> Problem statement: Write out, exactly and in full, the records given below, but not their pictures.

> Provided material:
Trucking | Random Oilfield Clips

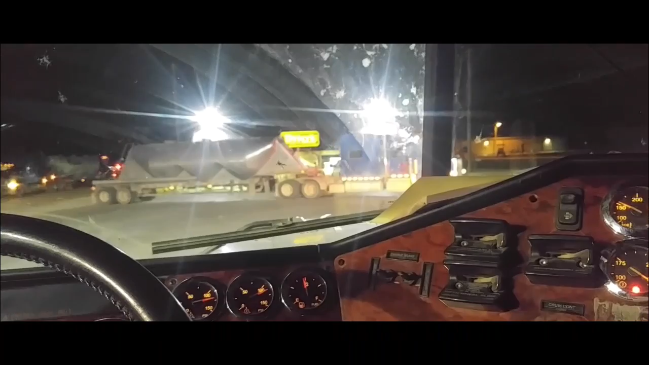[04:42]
That's a nice blue peep. But like I said, his truck, he ran out of fuel at the fuel island. And he was trying to get the fuel in the fuel fields and get it cranked, but it wasn't cranked.
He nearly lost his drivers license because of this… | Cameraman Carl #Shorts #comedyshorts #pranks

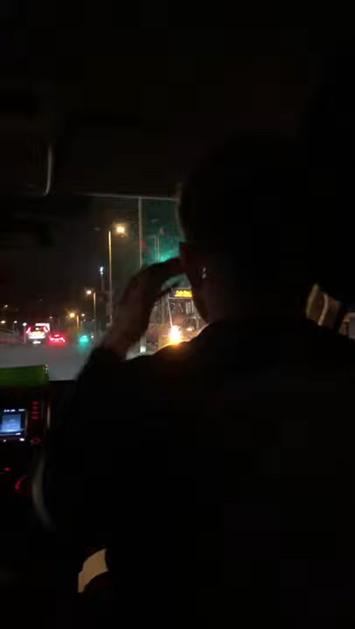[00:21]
Bro, bro. It might not be you. It might not be you Oh, dude, it didn't again.
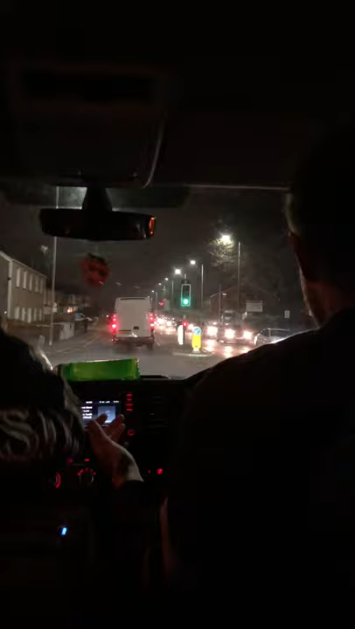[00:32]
I'm doing f**king 20 miles an hour. That one was definitely me. What the f**k? Dude, that's six points. You gotta be more careful. No, no, hang on. No, it's not f**king six points. You boys would both see me I was doing under the speed limit both times. Bro, bro. Bro, I thought I was doing 25
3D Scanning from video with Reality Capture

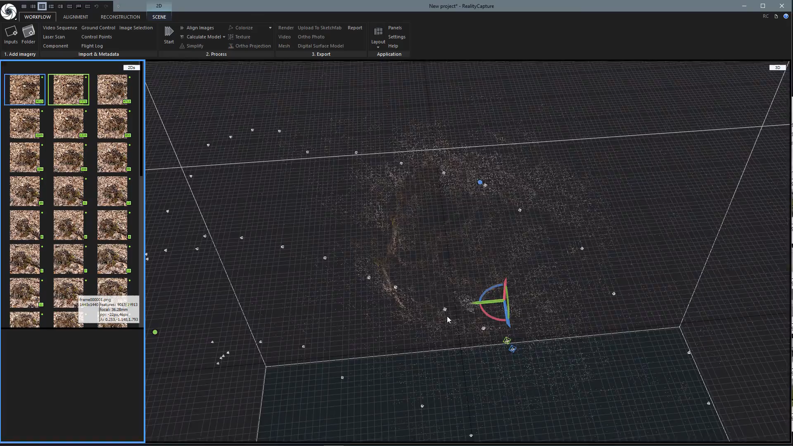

> Task output:
Trucking | Random Oilfield Clips

[04:42]
That's a nice blue peep. But like I said, his truck, he ran out of fuel at the fuel island. And he was trying to get the fuel in the fuel fields and get it cranked, but it wasn't cranked.
He nearly lost his drivers license because of this… | Cameraman Carl #Shorts #comedyshorts #pranks

[00:21]
Bro, bro. It might not be you. It might not be you Oh, dude, it didn't again.
[00:32]
I'm doing f**king 20 miles an hour. That one was definitely me. What the f**k? Dude, that's six points. You gotta be more careful. No, no, hang on. No, it's not f**king six points. You boys would both see me I was doing under the speed limit both times. Bro, bro. Bro, I thought I was doing 25
3D Scanning from video with Reality Capture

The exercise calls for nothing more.